## WMT Test Set Processing
This notebook will be used for devising a script to parse WMT BTT test sets.

### Start State
WMT Test sets from 2020, 2021 and 2022 each comprise four files - test sentences, gold sentences, document mapping to ID, and sentence alignment.

### Desired Outcome
We have two different outcomes. These outcomes depend on the format most convenient for the utilities we will use.
- For our **test set**, which is the WMT 2022 BTT test set, we want to generate two .txt files of aligned sentences. The first .txt file contains source sentences s<sub>1</sub>, s<sub>2</sub> ... s<sub>N</sub>, while the second .txt file contains target sentences t<sub>1</sub>, t<sub>2</sub> ... t<sub>N</sub>, where t<sub>i</sub> is the gold-standard translation of s<sub>i</sub>. This format is most convenient for the Transformers `pipeline` utility.
- For our **validation set**, which comprises the concatenated 2020 and 2021 test sets, we want to generate a single .txt file containing aligned pairs of source and target sentences in the format `source_sentence (TAB) target_sentence (newline)`. This is more convenient for evaluation sets, for which we will use the HuggingFace `Trainer` API.

### Considerations
- HuggingFace's programmatic Dataset upload API is broken; this issue is still unresolved and cannot be overcome by switching to earlier versions. We therefore have to preprocess and upload via the web interface.
- We cannot use a CSV, because the `datasets` library's to_csv function adds strange characters to the data, even with the correct UTF encoding applied. In essence, converting to CSV and uploading _that_ leads to data corruption. Intuitively, we must use a .txt file and upload that via the web interface - end-users will load our dataset as a Dataset or DatasetDict object, and the .txt file source will be transparent to them. I'll write up a script to process these .txt files, since they will all be in the same format.

In [1]:
#Get current working directory
import os, pandas as pd
dir_path = os.getcwd()

In [2]:
#Organise file path names first
YEARS = [20, 21, 22]
FILE_NAMES = ["alignment.tsv", "gold.txt", "mapping.txt", "test.txt"]
FILE_PATHS = { YEARS[j] : ["../data/wmt" + str(YEARS[j]) + "_enfr_test/wmt" + str(YEARS[j]) + "_enfr_" + FILE_NAMES[i] for i in range(len(FILE_NAMES))] for j in range(len(YEARS))}

In [3]:
#Start with 2022
files_2022 = FILE_PATHS[22]

In [4]:
#Inspect and read content into a list of pandas dataframes
content = {"alignment":"", "gold":"", "mapping":"", "test":""} #Helps us identify which is which
numMap = {0 : "alignment", 1: "gold", 2 : "mapping", 3 : "test"}
col_names = {0 : ["alignmentQuality", "ID", "targetSentenceNum", "sourceSentenceNum"], 1 : ["docNum", "targetSentenceNum", "sentence"], 2 : ["ID", "docNum"], 3 : ["docNum", "sourceSentenceNum", "sentence"]}
for i in range(len(files_2022)):
    f = open(os.path.join(dir_path, files_2022[i]))
    #print(repr(f.readline())) #All our files are tab-separated!
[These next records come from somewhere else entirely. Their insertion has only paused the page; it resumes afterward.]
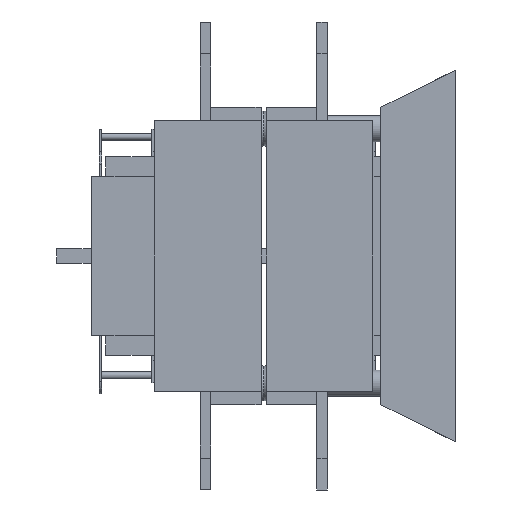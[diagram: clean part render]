
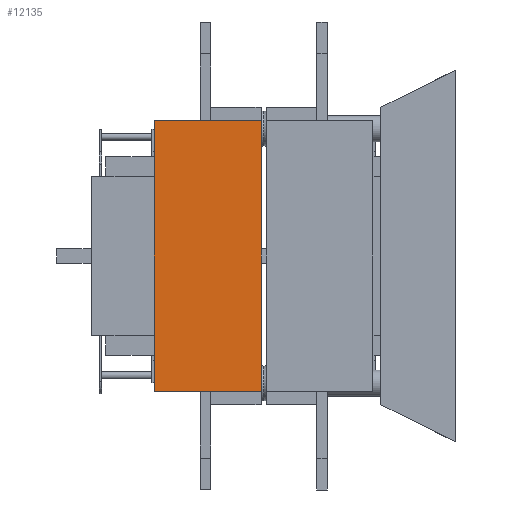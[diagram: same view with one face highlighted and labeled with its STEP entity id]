
A CAD part, left-side view. The second image highlights one B-rep face of the part: STEP entity #12135.
In plain terms, the highlighted planar face has unit normal (-1, 0, 0).
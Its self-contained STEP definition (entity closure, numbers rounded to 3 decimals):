
#1233=CARTESIAN_POINT('',(0.0,0.0,255.0));
#1234=VERTEX_POINT('',#1233);
#1241=CARTESIAN_POINT('',(0.0,0.0,0.0));
#1242=VERTEX_POINT('',#1241);
#1243=CARTESIAN_POINT('',(0.0,0.0,0.0));
#1244=DIRECTION('',(0.0,0.0,1.0));
#1245=VECTOR('',#1244,255.0);
#1246=LINE('',#1243,#1245);
#1247=EDGE_CURVE('',#1242,#1234,#1246,.T.);
#5894=CARTESIAN_POINT('',(0.,100.5,0.0));
#5895=VERTEX_POINT('',#5894);
#5902=CARTESIAN_POINT('',(0.,100.5,255.0));
#5903=VERTEX_POINT('',#5902);
#5904=CARTESIAN_POINT('',(0.,100.5,255.0));
#5905=DIRECTION('',(0.0,0.0,-1.0));
#5906=VECTOR('',#5905,255.0);
#5907=LINE('',#5904,#5906);
#5908=EDGE_CURVE('',#5903,#5895,#5907,.T.);
#11679=CARTESIAN_POINT('',(0.,0.0,255.0));
#11680=DIRECTION('',(0.0,1.0,0.0));
#11681=VECTOR('',#11680,100.5);
#11682=LINE('',#11679,#11681);
#11683=EDGE_CURVE('',#1234,#5903,#11682,.T.);
#11733=CARTESIAN_POINT('',(0.,0.0,0.0));
#11734=DIRECTION('',(0.0,1.0,0.0));
#11735=VECTOR('',#11734,100.5);
#11736=LINE('',#11733,#11735);
#11737=EDGE_CURVE('',#1242,#5895,#11736,.T.);
#12124=CARTESIAN_POINT('',(0.0,0.0,0.0));
#12125=DIRECTION('',(-1.0,0.0,0.0));
#12126=DIRECTION('',(0.0,0.0,1.0));
#12127=AXIS2_PLACEMENT_3D('',#12124,#12125,#12126);
#12128=PLANE('',#12127);
#12129=ORIENTED_EDGE('',*,*,#11683,.T.);
#12130=ORIENTED_EDGE('',*,*,#5908,.T.);
#12131=ORIENTED_EDGE('',*,*,#11737,.F.);
#12132=ORIENTED_EDGE('',*,*,#1247,.T.);
#12133=EDGE_LOOP('',(#12129,#12130,#12131,#12132));
#12134=FACE_OUTER_BOUND('',#12133,.T.);
#12135=ADVANCED_FACE('',(#12134),#12128,.T.);

This allows us to use pandas as follows:
    content[numMap[i]] = pd.read_csv(f, delimiter = "\t", header=None, names = col_names[i])
    f.close()

In [5]:
#Test our ability to write output without data corruption - seems okay from what I can see
"""
f = open("testoutput.txt", "w")
for i in range(len(content["gold"])):
    f.write(content["gold"]["sentence"][i])
    f.write("\n")
f.close()
"""

Our first step is to modify the alignments by substituting document numbers for IDs. We'll add an extra column for this.

In [6]:
#Convert our mappings dataframe into a dictionary
mappings = dict(content["mapping"].values)

In [7]:
content["alignment"]

Unnamed: 0,alignmentQuality,ID,targetSentenceNum,sourceSentenceNum
0,OK,35096693,1,1
1,OK,35096693,2,2
2,OK,35096693,3,3
3,OK,35096693,4,4
4,OK,35096693,5,5
...,...,...,...,...
808,NO_ALIGNMENT,19144122,omitted,26
809,NO_ALIGNMENT,19144122,omitted,27
810,NO_ALIGNMENT,19144122,omitted,28
811,NO_ALIGNMENT,19144122,omitted,29


In [8]:
#Create new column with corresponding document numbers
alignments = content["alignment"]
alignments["docNum"] = alignments["ID"].map(mappings)

In [9]:
alignments

Unnamed: 0,alignmentQuality,ID,targetSentenceNum,sourceSentenceNum,docNum
0,OK,35096693,1,1,doc19
1,OK,35096693,2,2,doc19
2,OK,35096693,3,3,doc19
3,OK,35096693,4,4,doc19
4,OK,35096693,5,5,doc19
...,...,...,...,...,...
808,NO_ALIGNMENT,19144122,omitted,26,doc11
809,NO_ALIGNMENT,19144122,omitted,27,doc11
810,NO_ALIGNMENT,19144122,omitted,28,doc11
811,NO_ALIGNMENT,19144122,omitted,29,doc11


Then, we must filter out only the OK sentence alignments and query the gold and test dataframes with these. Weirdly enough, some OK alignments omitted the target and source sentence numbers, perhaps due to truncated abstracts. So far, so good - this is still WMT BTT protocol, because they only used the OK aligned test sets.

In [10]:
ok_alignments = alignments.loc[(alignments["alignmentQuality"] == "OK") & 
(alignments["targetSentenceNum"].str.contains("omitted") == False) & 
(alignments["sourceSentenceNum"].str.contains("omitted") == False)]

In [11]:
print(ok_alignments.targetSentenceNum.unique())
print(ok_alignments.sourceSentenceNum.unique())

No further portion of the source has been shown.